• _WHAT IS NEEDED_
The records below are to be transcribed exactly, with the pictures removed.
□ □ □ □ □ □ □
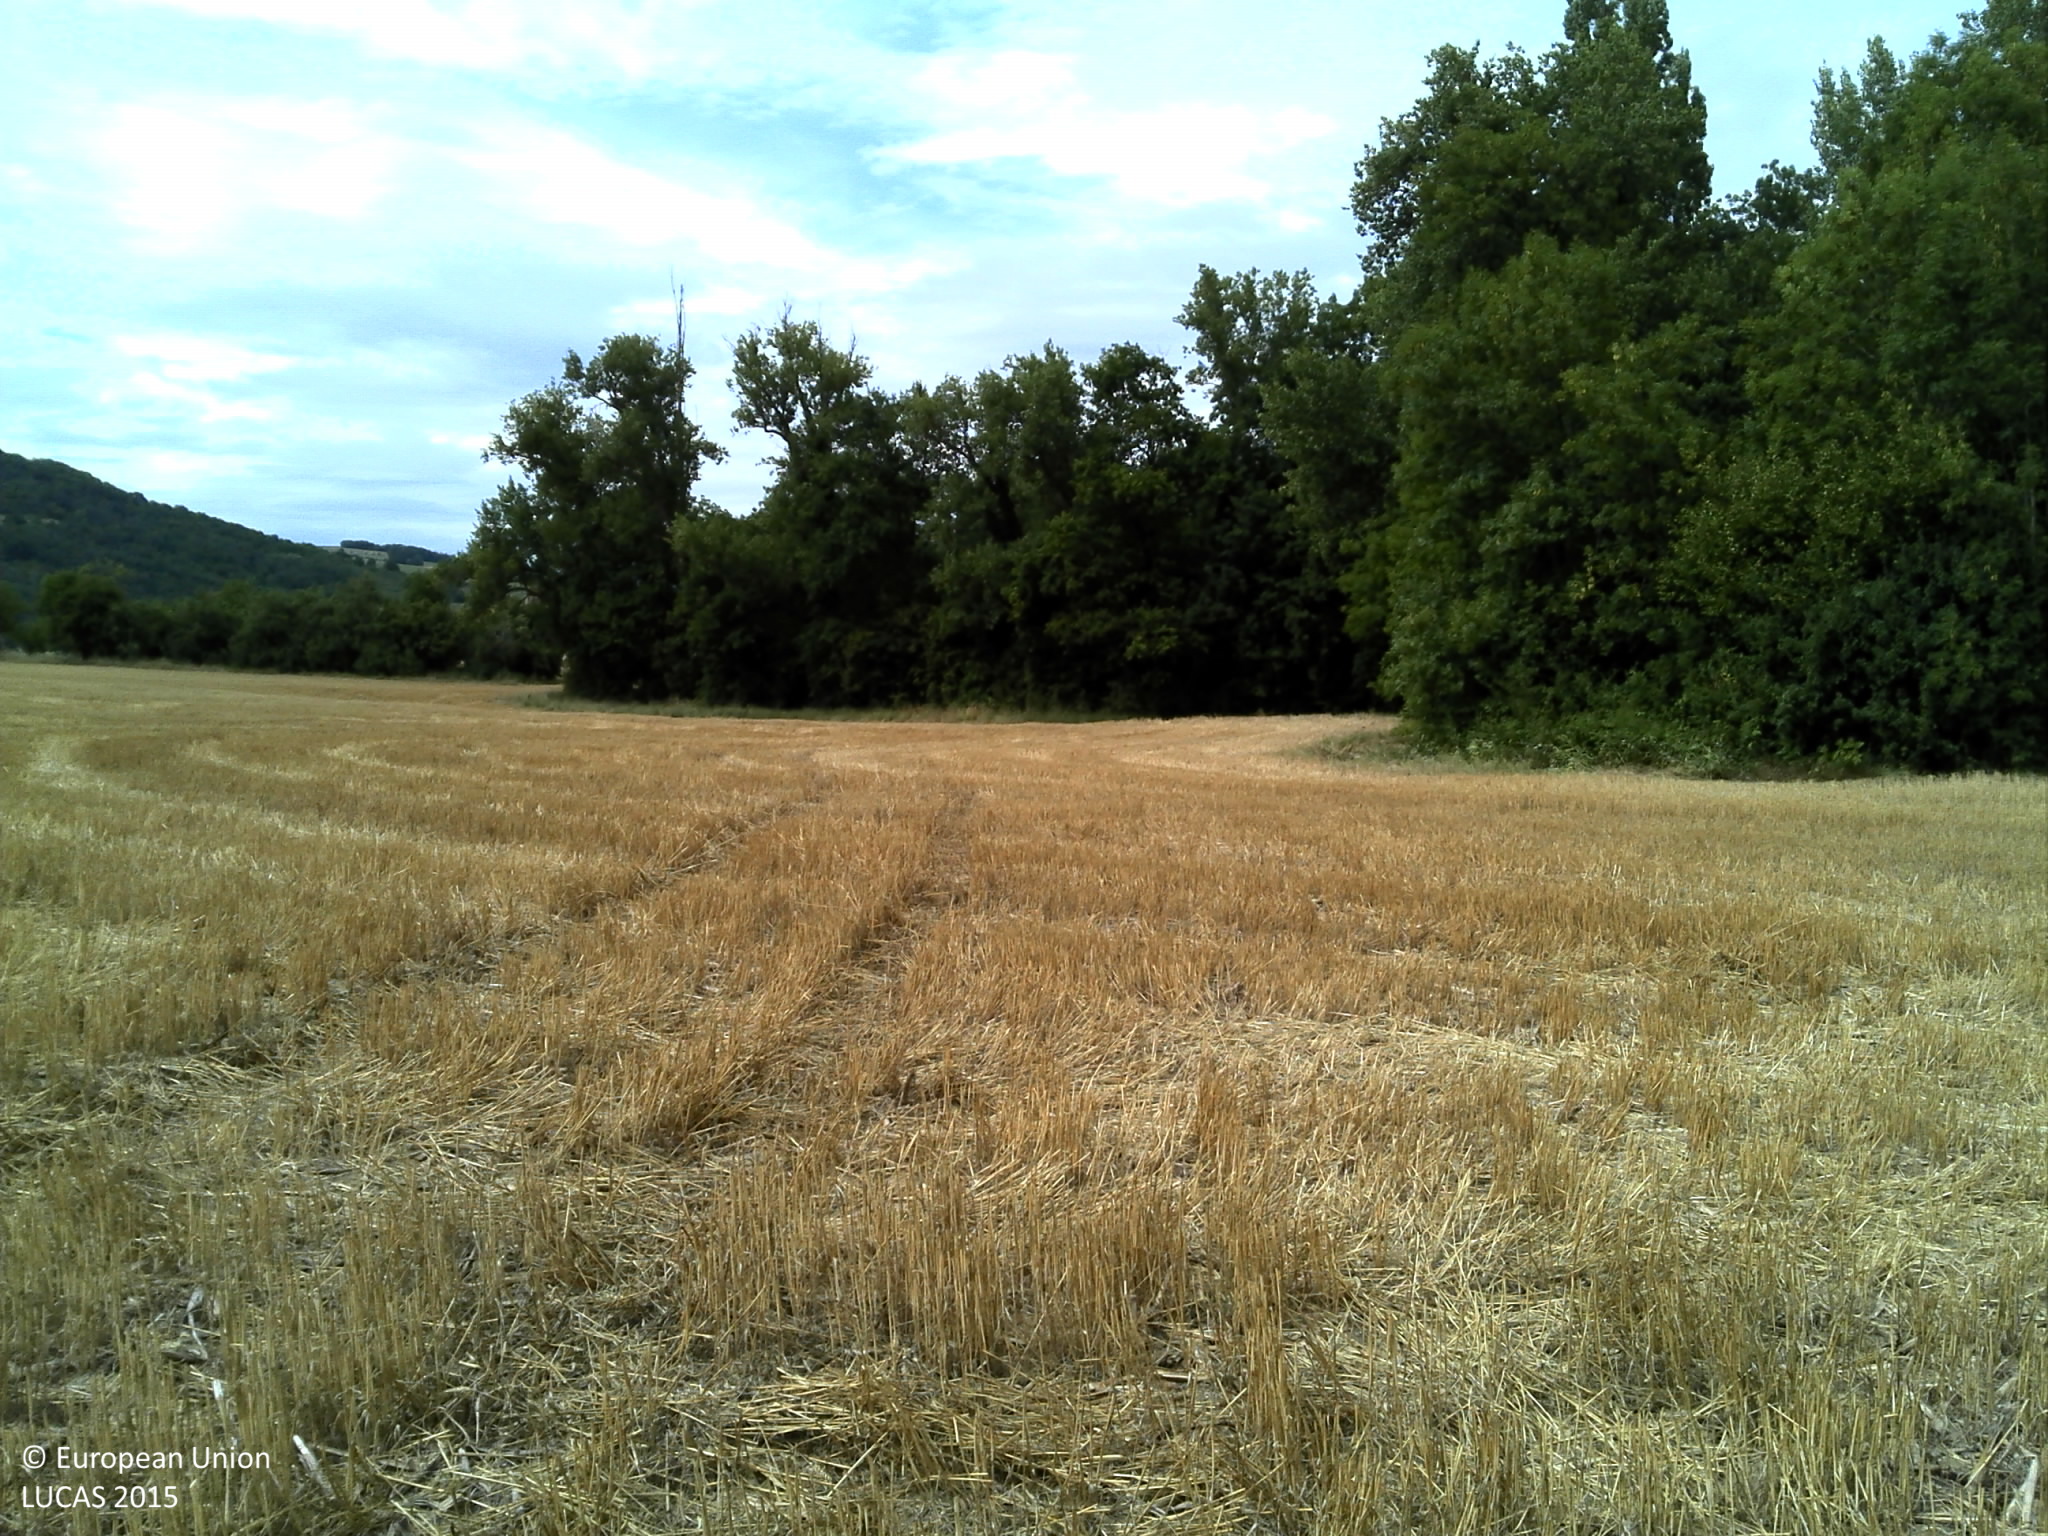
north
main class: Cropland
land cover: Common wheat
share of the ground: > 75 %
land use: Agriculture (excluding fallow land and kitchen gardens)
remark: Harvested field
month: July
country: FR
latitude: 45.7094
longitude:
□ □ □ □ □ □ □
• _SOLUTION_
north
main class: Cropland
land cover: Common wheat
share of the ground: > 75 %
land use: Agriculture (excluding fallow land and kitchen gardens)
remark: Harvested field
month: July
country: FR
latitude: 45.7094
longitude:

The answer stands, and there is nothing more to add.